[Supplied records Boundary: Start]
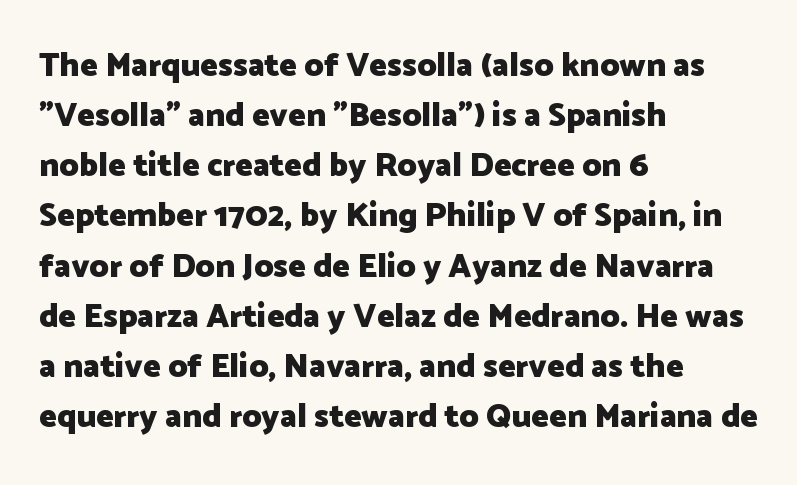
Q: Is the text bold? A: Yes.
Q: Is the text italic (slanted)? A: No, it is upright.
Q: Is the typeface a serif or a sans-serif typeface? A: Sans-serif.
Q: Is the text underlined? A: No.
Q: How is the paragraph aligned? A: Left-aligned.
Q: Is the spacing between letters normal or unusually wide? A: Normal.
Q: Is the spacing between lines tight, normal or loose? A: Normal.
Q: Width (condensed, normal, or wide)? A: Normal.
Q: Stroke contrast? A: Low.
Q: x-height? A: Medium.
Q: Monospaced? A: No.
[Supplied records Boundary: End]
▶ _Exercise_: Output only the lines from the one holding "Q: Is the spacing between letters" through the last line above, exactly as they appear.

▶ _Output below_:
Q: Is the spacing between letters normal or unusually wide? A: Normal.
Q: Is the spacing between lines tight, normal or loose? A: Normal.
Q: Width (condensed, normal, or wide)? A: Normal.
Q: Stroke contrast? A: Low.
Q: x-height? A: Medium.
Q: Monospaced? A: No.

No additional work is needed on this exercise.